Collected data entries
※ ※ ※

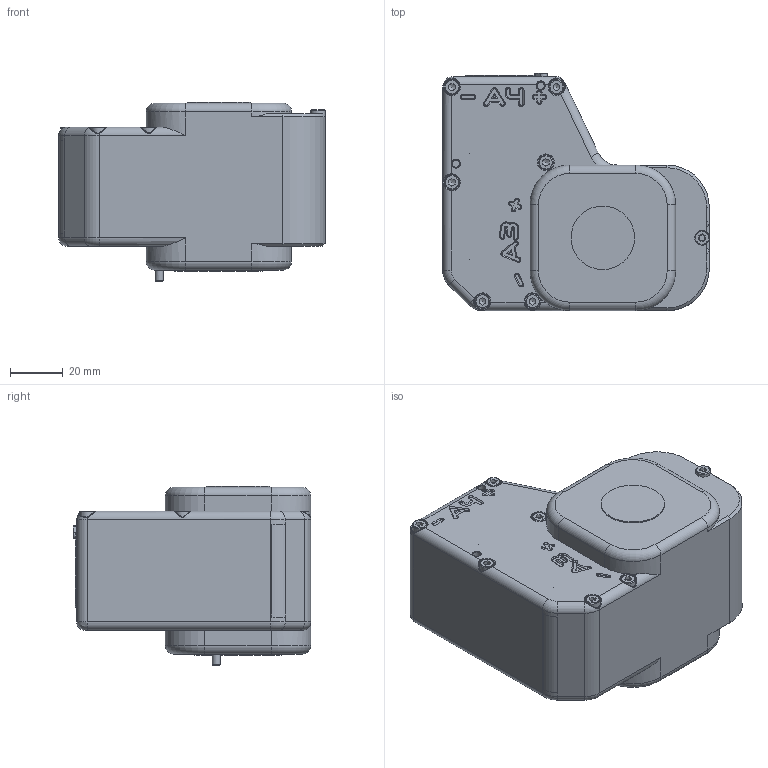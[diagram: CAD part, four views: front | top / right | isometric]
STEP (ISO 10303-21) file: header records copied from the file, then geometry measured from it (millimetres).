
FILE_DESCRIPTION(/* description */ (''),/* implementation_level */ '2;1');
FILE_NAME(/* name */ 'A⁮xis 4 - Elbow simple.stp',/* time_stamp */ '2017-05-25T08:25:48-04:00',/* author */ ('Jonathan'),/* organization */ (''),/* preprocessor_version */ 'ST-DEVELOPER v16.5',/* originating_system */ 'Autodesk Inventor 2017',/* authorisation */ '');
FILE_SCHEMA (('AUTOMOTIVE_DESIGN { 1 0 10303 214 3 1 1 }'));
Length unit declared in the file: inch
Products named in the file (1): A⁮xis 4 - Elbow simple
Bounding box: 100.75 x 89.75 x 68 mm (x, y, z)
Volume: 374065.9 mm3; surface area: 34525.6 mm2
Topology: 1 solids, 9 shells, 848 faces, 2024 edges, 1231 vertices
Faces by surface type: plane 361, bspline 344, cylinder 82, torus 37, cone 24
Full cylindrical faces by diameter (mm): 1.575 x2, 2.464 x2, 3 x3, 4 x4, 4.2 x4, 5.5 x7, 6 x6, 7 x4, 7.5 x4, 24 x1, 27.768 x1, 33.192 x1
Entity records: 32429 total; most frequent: CARTESIAN_POINT 14699, ORIENTED_EDGE 3842, DIRECTION 2579, EDGE_CURVE 1921, VERTEX_POINT 1200, LINE 1055, VECTOR 1055, EDGE_LOOP 965

※ ※ ※

= Problem statement =
Beginning with the line that holds "Products named in", please give again each line exactly until the records end, and include that final line.

= Exercise solution =
Products named in the file (1): A⁮xis 4 - Elbow simple
Bounding box: 100.75 x 89.75 x 68 mm (x, y, z)
Volume: 374065.9 mm3; surface area: 34525.6 mm2
Topology: 1 solids, 9 shells, 848 faces, 2024 edges, 1231 vertices
Faces by surface type: plane 361, bspline 344, cylinder 82, torus 37, cone 24
Full cylindrical faces by diameter (mm): 1.575 x2, 2.464 x2, 3 x3, 4 x4, 4.2 x4, 5.5 x7, 6 x6, 7 x4, 7.5 x4, 24 x1, 27.768 x1, 33.192 x1
Entity records: 32429 total; most frequent: CARTESIAN_POINT 14699, ORIENTED_EDGE 3842, DIRECTION 2579, EDGE_CURVE 1921, VERTEX_POINT 1200, LINE 1055, VECTOR 1055, EDGE_LOOP 965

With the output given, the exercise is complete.